The result should be an exact copy of the entries that follow, with no pictures included.
** Stored data follows **
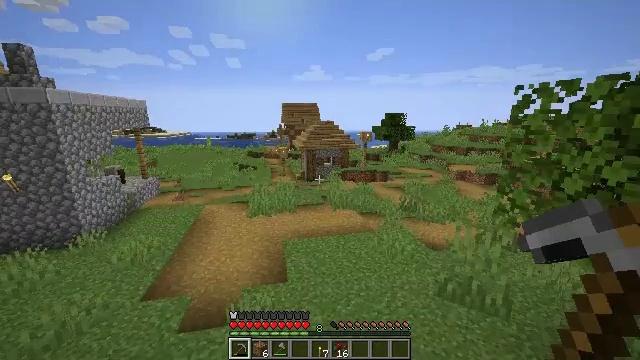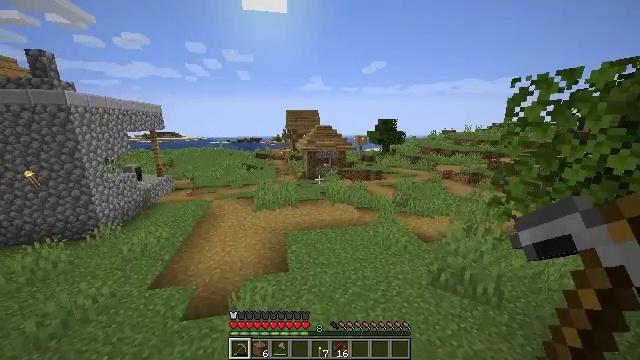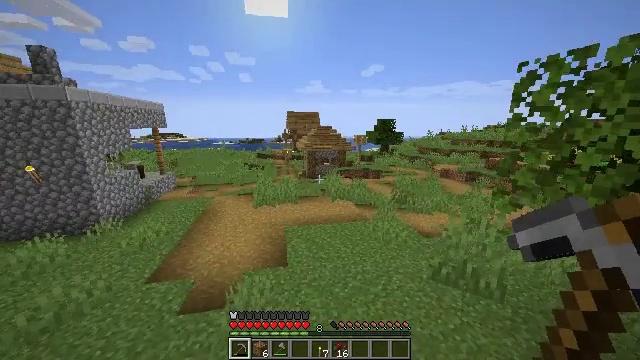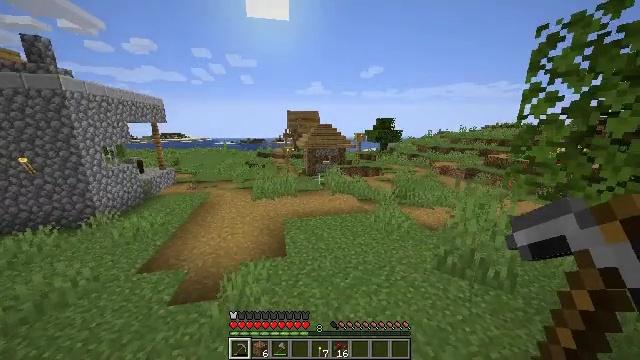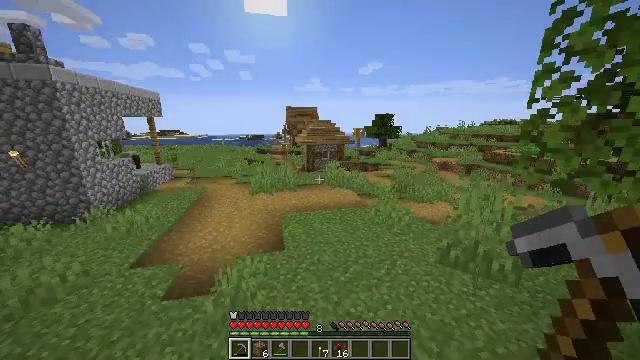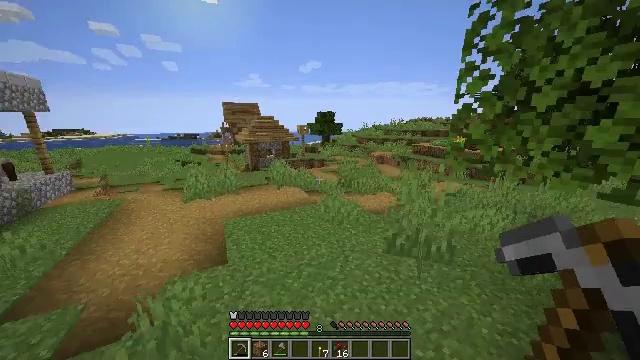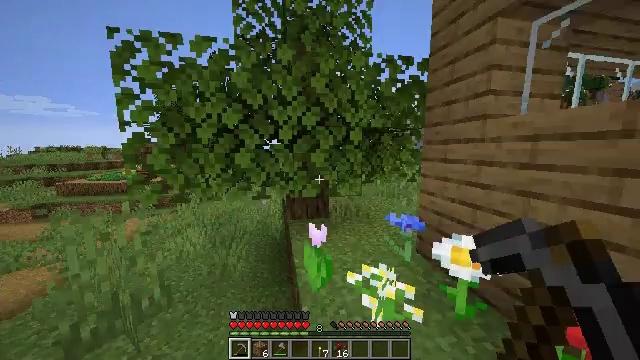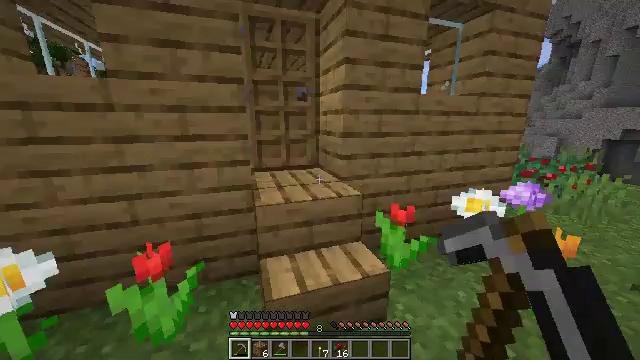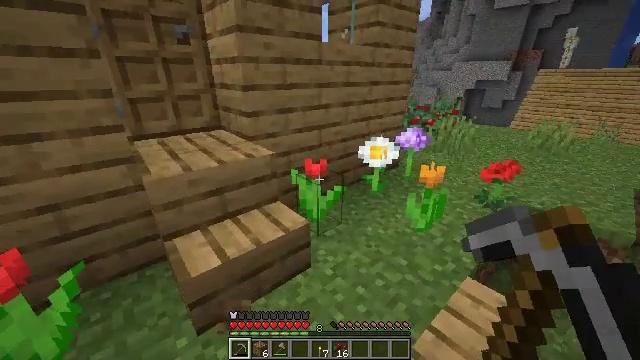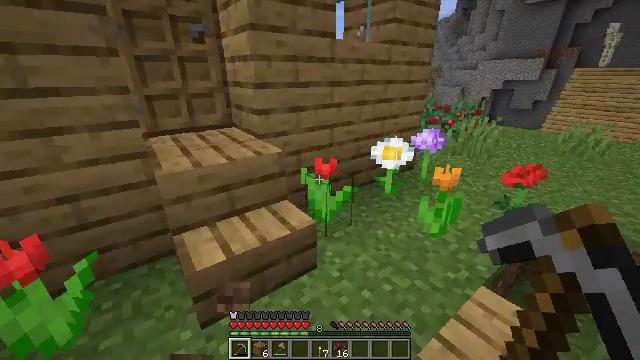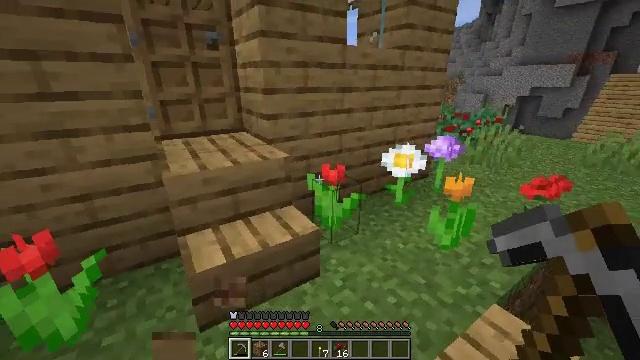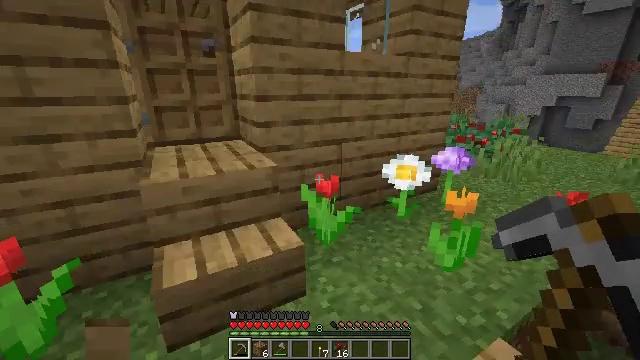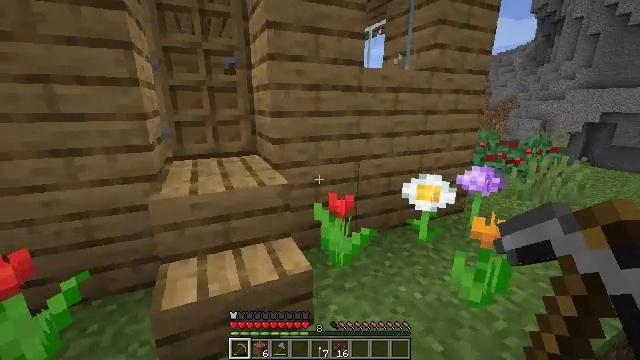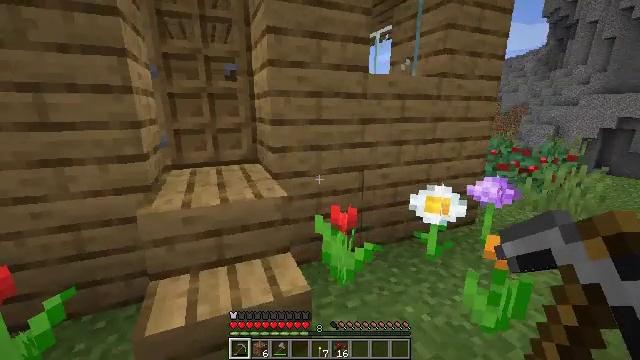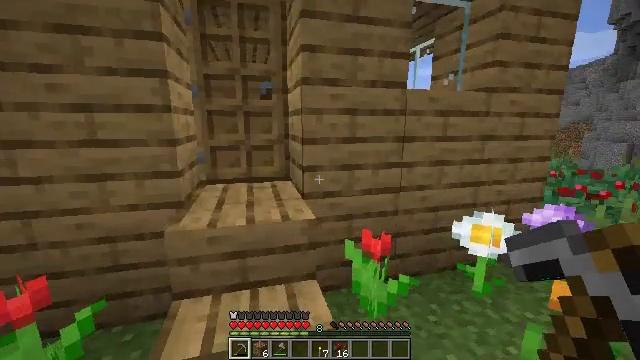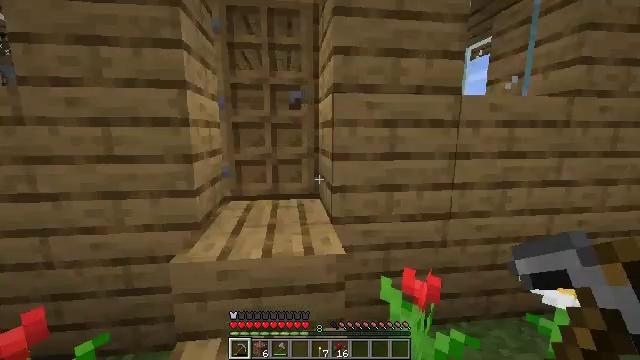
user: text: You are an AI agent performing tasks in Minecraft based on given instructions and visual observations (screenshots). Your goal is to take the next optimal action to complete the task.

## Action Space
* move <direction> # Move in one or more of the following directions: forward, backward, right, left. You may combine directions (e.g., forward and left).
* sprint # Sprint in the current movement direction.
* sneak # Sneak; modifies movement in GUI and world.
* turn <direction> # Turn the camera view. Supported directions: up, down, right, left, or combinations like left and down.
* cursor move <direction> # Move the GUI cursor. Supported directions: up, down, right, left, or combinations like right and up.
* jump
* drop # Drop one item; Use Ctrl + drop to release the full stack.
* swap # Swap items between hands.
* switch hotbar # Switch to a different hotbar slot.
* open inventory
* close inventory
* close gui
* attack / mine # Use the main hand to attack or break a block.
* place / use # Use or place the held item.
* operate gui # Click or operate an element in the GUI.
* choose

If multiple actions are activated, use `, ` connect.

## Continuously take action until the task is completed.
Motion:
** End of Stored data **
- Answer section -
user: text: You are an AI agent performing tasks in Minecraft based on given instructions and visual observations (screenshots). Your goal is to take the next optimal action to complete the task.

## Action Space
* move <direction> # Move in one or more of the following directions: forward, backward, right, left. You may combine directions (e.g., forward and left).
* sprint # Sprint in the current movement direction.
* sneak # Sneak; modifies movement in GUI and world.
* turn <direction> # Turn the camera view. Supported directions: up, down, right, left, or combinations like left and down.
* cursor move <direction> # Move the GUI cursor. Supported directions: up, down, right, left, or combinations like right and up.
* jump
* drop # Drop one item; Use Ctrl + drop to release the full stack.
* swap # Swap items between hands.
* switch hotbar # Switch to a different hotbar slot.
* open inventory
* close inventory
* close gui
* attack / mine # Use the main hand to attack or break a block.
* place / use # Use or place the held item.
* operate gui # Click or operate an element in the GUI.
* choose

If multiple actions are activated, use `, ` connect.

## Continuously take action until the task is completed.
Motion:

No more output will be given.